Problem #3: Authority to Waive Sovereign Immunity
The D.C. Circuit has also held that a waiver of sovereign immunity “is effective only if the actor who signed the agreement had the authority to waive immunity on behalf of the sovereign.” While there is disagreement among the federal courts of appeal as to whether the putative agent requires (1) actual authority, or (2) mere apparent authority, the D.C. Circuit has yet to take a position on this issue. That court has held, however, that the person signing the contract must be vested with authority to waive immunity.

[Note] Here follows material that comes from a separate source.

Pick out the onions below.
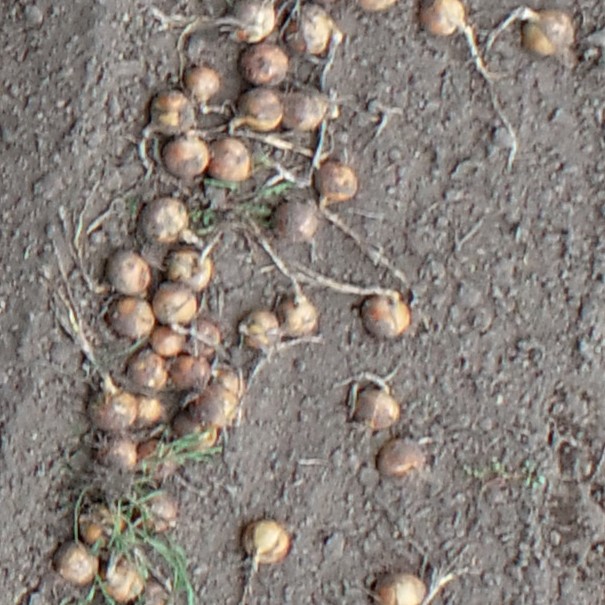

This is not a power that is typically vested in low-level embassy officials. Indeed, it is not a power consistently vested in ambassadors. In Qatar National Bank v. Government of Eritrea, for example, the DDC Qatar National Bank (“QNB”) entered into a commercial loan agreement with Eritrea whereby the Bank agreed to lend $30 million to Eritrea. The agreement was signed by Ali Ibrahim Ahmad, Eritrea’s Ambassador to Qatar, on behalf of (1) the Ministry of Finance of the Government of Eritrea, and (2) the State of Eritrea, which served as a guarantor. Ahmad purported to sign the agreement pursuant to an “authorization signed by the President of the State of Eritrea on March 10th, 2009.” The agreement contained a forum selection clause choosing the courts in England. After Eritrea defaulted on the loan, QNB obtained a default judgment in an English court and sought to enforce it in the DDC. The DDC denied QNB’s motion because it had failed to show that Ahmad—the Eritrean ambassador to Qatar—had the requisite authority to waive sovereign immunity on behalf of Eritrea.
This case, and others like it, present the question of who signed the employment agreement on behalf of the Embassy of Mali in Koudoukara. The honest answer is that we don’t know. The DDC did not discuss the issue in its opinion. However, if the employment agreement was signed by an employee in the Mali Embassy—which seems probable—then it is far from clear that that person had authority to waive Mali’s sovereign immunity.
Conclusion
In Koudoukara v. Embassy of Mali, in summary, we have a case where (1) a choice-of-law clause was dubiously interpreted as a waiver of sovereign immunity, (2) that same choice-of-law clause was dubiously interpreted as waiving immunity with respect to claims not covered by the plain language of the clause, and (3) the court failed to address the question of whether the individual who signed the employment agreement on behalf of the embassy had the authority to waive Mali’s sovereign immunity. All of these are issues that the DDC would do well to examine more closely in future cases.